Doubles or Nothing

| August 31, 2001

To outsiders, the varied world of trucking looks like one thing. The motoring public makes no distinction among types of equipment or the skills needed to drive them.

Vans, flats and reefers are simply trailers; tractors have a long nose or no nose at all. If a man or woman is a truck driver, then he or she can get in any truck pulling any trailer with any kind of load and get on down the road.

Truck drivers, on the other hand, are a bit more sophisticated. They know it takes a certain level of knowledge to drive but it takes added training and know-how to pull a reefer, keep a load on a flatbed, or keep those wiggle wagons on the straight and narrow.

But what makes a driver want to pull two trailers? The differences between pulling doubles and standard trailers go far beyond the differences in skills required and in the actual physical work. There are significant lifestyle differences.

The nature of doubles operations is distinctly different from irregular-route and long-haul operations. Consider Overnite, a major nationwide less-than-truckload carrier with 166 terminals. According to Brad Edgell, terminal manager at Overnite’s Pittsburgh terminal, Overnite’s doubles operation provides the extreme flexibility an LTL carrier needs to optimize equipment and deliver freight on time.

Overnite’s drivers are dispatched from three boards. The schedule board handles regular freight, the extra board handles runs beyond the typical daily amount, and two drivers handle freight on what is called the long board. Most of Pittsburgh’s 45 drivers run off the schedule board and have plenty of opportunity for extra runs on days off.

Ralph Loring, an 8-year veteran of Overnite’s doubles operation, generally runs from the terminal near the junction of I-70 and I-79 to the Harrisburg terminal near Carlisle, Penn., near the junction of I-81 and the Pennsylvania Turnpike. His run is a 412-mile turn. In a week, Loring will run 2,060 miles if he does five Harrisburg turns. He will make somewhere between $800 and $900.

It is entirely possible for Loring to make his turn in less than 10 hours and be headed for the house by 5 o’clock if he leaves Pittsburgh at 8 a.m. He works five days a week, runs his 100,000 miles a year and is home every night. He is a truck driver whose lifestyle includes a life at home.

The majority of Edgell’s drivers have been with this Overnite terminal for 10 years or more. “They’d have to chase me out of here with a stick,” Loring says.

Loring leaves the terminal in Meadowlands on schedule, pulling two 28-foot pups with 14,000 pounds of freight and an estimated gross weight of 36,000 pounds.
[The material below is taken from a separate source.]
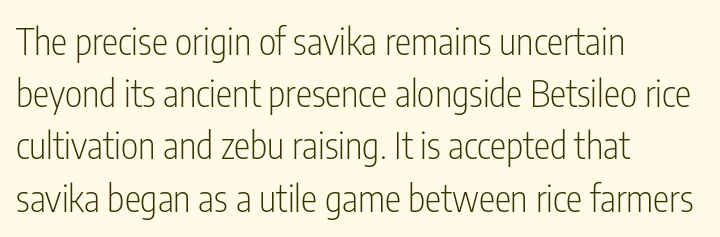
Does the leading feel generous? No, just average. Underlining? Definitely not there. Nothing heavy about these letters — not bold at all. Short note: letters normally spaced. The font family rendered here belongs to the sans-serif group. The type sits square on the baseline with zero lean.
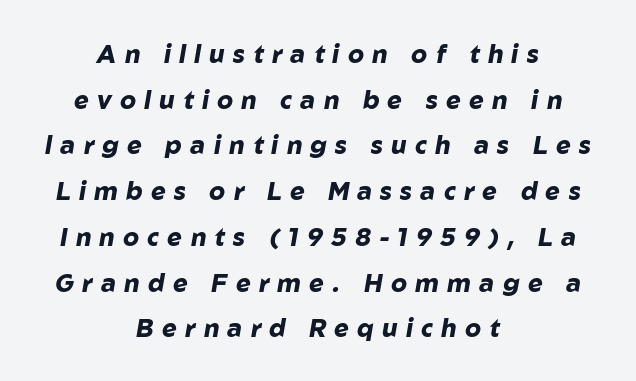
The image shows 25 px bold type, italic (leaning right); set centered, line spacing 1.83x, unusually wide letter spacing (+0.33 em), not underlined.

This makes the dry weight of two pups and tractor 22,000 pounds – light enough not to put a whole lot of strain on the little 315 under the snub-nosed hood. “They don’t give you an excess of power, but then you don’t usually run heavy, ” Loring says. Often he returns to Meadowlands with a loaded and an empty or two empties. Even with the front pup maxed, there is only 27,000 on the drives.

The beefed-up Silver Eagle waits for a heavy pup.

In the mirror the two trailers looked like one, pulling straight as a die. “Sometimes you get a bad trailer that will wiggle, but they pull straight otherwise,” Loring says. The myth about doubles is that they are more unstable than a single, but Loring discounts this. “Doubles are more stable in turns,” he says. Thus, instability seems to be a factor only when light and running in inclement weather. Sometimes, when the front pup is heavy, a driver will use a Silver Eagle dolly. This dolly has a cross-mounted set of springs under the fifth wheel to improve stability. Drivers in Harrisburg dispatch universally curse the Silver Eagle because they say it causes backslap. One might imagine the possible if unlikely scenario of two fully loaded pups with a Silver Eagle dolly being a real bear. Maximum gross weight for two pups is the same in Pennsylvania as for a single – 80,000 pounds – according to Ray Terry, safety director for Overnite.

On the very busy Green Stamp, Loring pulls out to pass quickly many times and takes corners more easily than is possible pulling only one trailer. “It’s easier to maneuver these pups than one trailer in a turn,” he says. “They turn sharper.”

Loring cranks down a joe dog.

While his doubles are about 6 feet longer than a 53-foot van, counting the 3 feet between them, they bend twice. Each trailer has a fifth wheel, the second being attached to a removable dolly called a “joe dog.” The yard in Harrisburg has hundreds of these dollies, some of which have a little wheel in front that can be extended when the dolly is unhooked from a trailer. They are heavy but easily moved with this little wheel dollied down.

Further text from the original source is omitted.